§ **Your assignment**: A copy is needed of each line in the records that has the word "text".

***** Recorded information

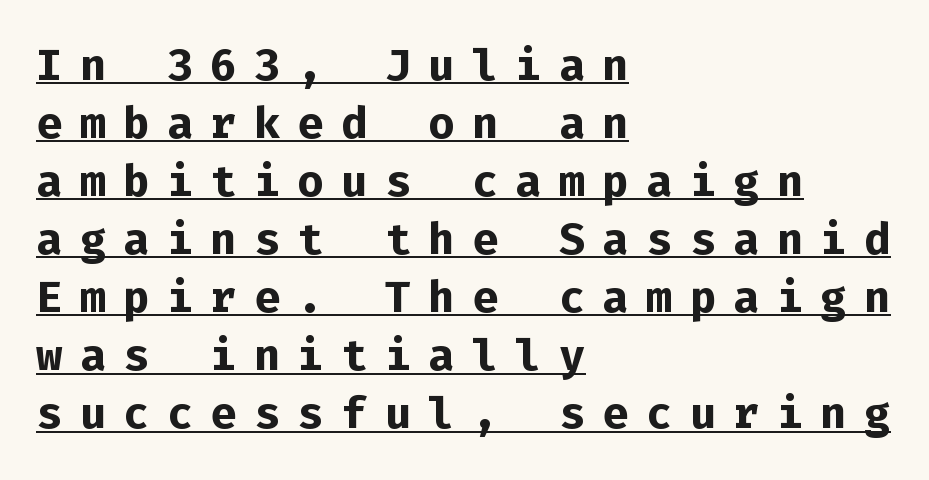
{"serif": "no", "italic": "no", "bold": "yes", "weight": "bold", "width": "normal", "stroke_contrast": "low", "x_height": "medium", "monospaced": "yes", "underline": "yes", "align": "left", "line_spacing": "normal", "line_spacing_ratio": 1.32, "letter_spacing": "wide", "letter_spacing_em": 0.39, "glyph_px": 44}
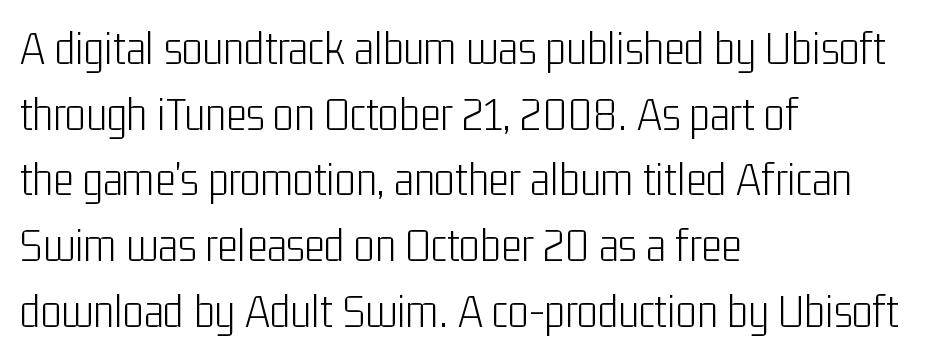
The image shows 49 px light, condensed sans-serif type, upright; set left-aligned, normal line spacing (1.34x), normal letter spacing, not underlined; low stroke contrast and a medium x-height.
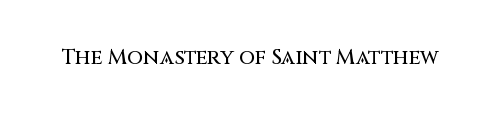
The image shows 21 px text type, upright; set normal letter spacing, not underlined.
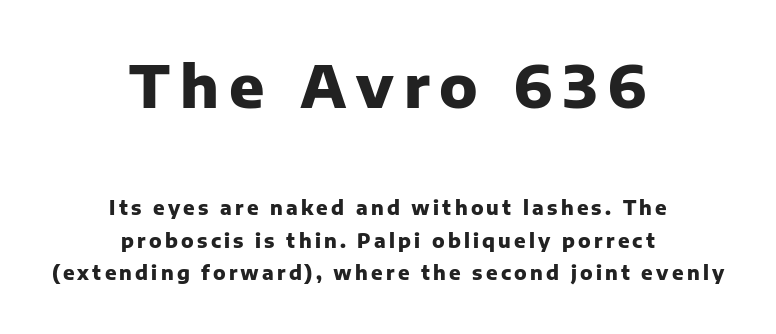
Q: Is the text bold? A: Yes.
Q: Is the text italic (slanted)? A: No, it is upright.
Q: Is the typeface a serif or a sans-serif typeface? A: Sans-serif.
Q: Is the text underlined? A: No.
Q: How is the paragraph aligned? A: Centered.
Q: Which block of text is set in a larger size, the first (top) or the second (bottom)? A: The first (top) one.
Q: Width (condensed, normal, or wide)? A: Normal.
Q: Stroke contrast? A: Low.
Q: x-height? A: Medium.
Q: Monospaced? A: No.

**********

§ **Task answer**:
The image shows 21 px text type, upright; set normal letter spacing, not underlined.
Q: Is the text bold? A: Yes.
Q: Is the text italic (slanted)? A: No, it is upright.
Q: Is the text underlined? A: No.
Q: Which block of text is set in a larger size, the first (top) or the second (bottom)? A: The first (top) one.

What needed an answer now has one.